■ **PROMPT**
Copy each line below as it stands, but skip any picture it contains.

■ **INFORMATION PROVIDED**
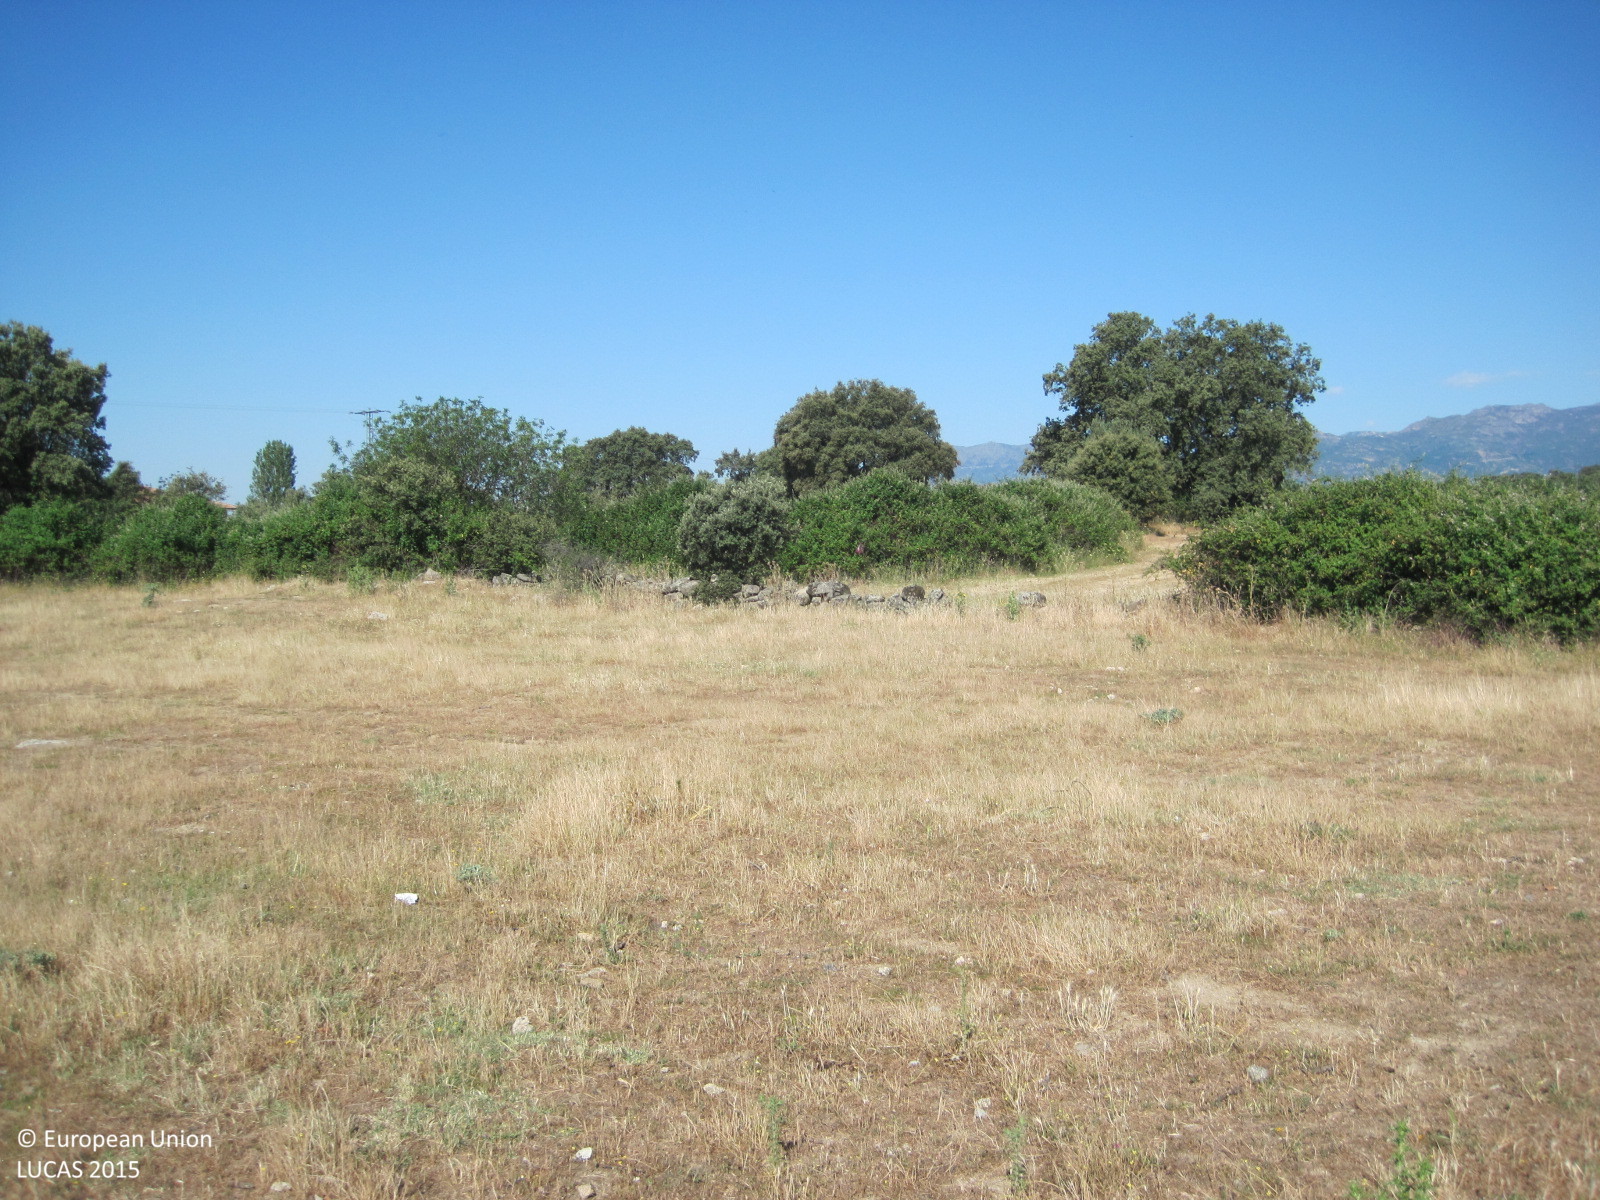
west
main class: Grassland
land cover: Grassland without tree/shrub cover
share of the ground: > 75 %
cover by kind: herbaceous plants 100 %
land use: Agriculture (excluding fallow land and kitchen gardens)
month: May
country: ES
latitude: 40.2281
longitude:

■ **RESPONSE TO THE TASK**
west
main class: Grassland
land cover: Grassland without tree/shrub cover
share of the ground: > 75 %
cover by kind: herbaceous plants 100 %
land use: Agriculture (excluding fallow land and kitchen gardens)
month: May
country: ES
latitude: 40.2281
longitude:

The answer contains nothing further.